Collection entries

* * * * * * *

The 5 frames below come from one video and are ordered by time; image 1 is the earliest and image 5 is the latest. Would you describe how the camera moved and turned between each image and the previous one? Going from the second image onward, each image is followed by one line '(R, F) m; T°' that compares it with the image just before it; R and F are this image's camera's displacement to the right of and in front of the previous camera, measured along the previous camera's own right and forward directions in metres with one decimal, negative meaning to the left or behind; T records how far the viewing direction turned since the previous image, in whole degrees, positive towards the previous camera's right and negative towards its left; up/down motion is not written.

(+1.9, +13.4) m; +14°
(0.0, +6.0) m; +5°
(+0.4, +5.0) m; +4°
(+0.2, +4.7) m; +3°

* * * * * * *

## Problem statement
The full set of lines above should be retyped without a single change.

## Solution to this exercise
The 5 frames below come from one video and are ordered by time; image 1 is the earliest and image 5 is the latest. Would you describe how the camera moved and turned between each image and the previous one? Going from the second image onward, each image is followed by one line '(R, F) m; T°' that compares it with the image just before it; R and F are this image's camera's displacement to the right of and in front of the previous camera, measured along the previous camera's own right and forward directions in metres with one decimal, negative meaning to the left or behind; T records how far the viewing direction turned since the previous image, in whole degrees, positive towards the previous camera's right and negative towards its left; up/down motion is not written.

(+1.9, +13.4) m; +14°
(0.0, +6.0) m; +5°
(+0.4, +5.0) m; +4°
(+0.2, +4.7) m; +3°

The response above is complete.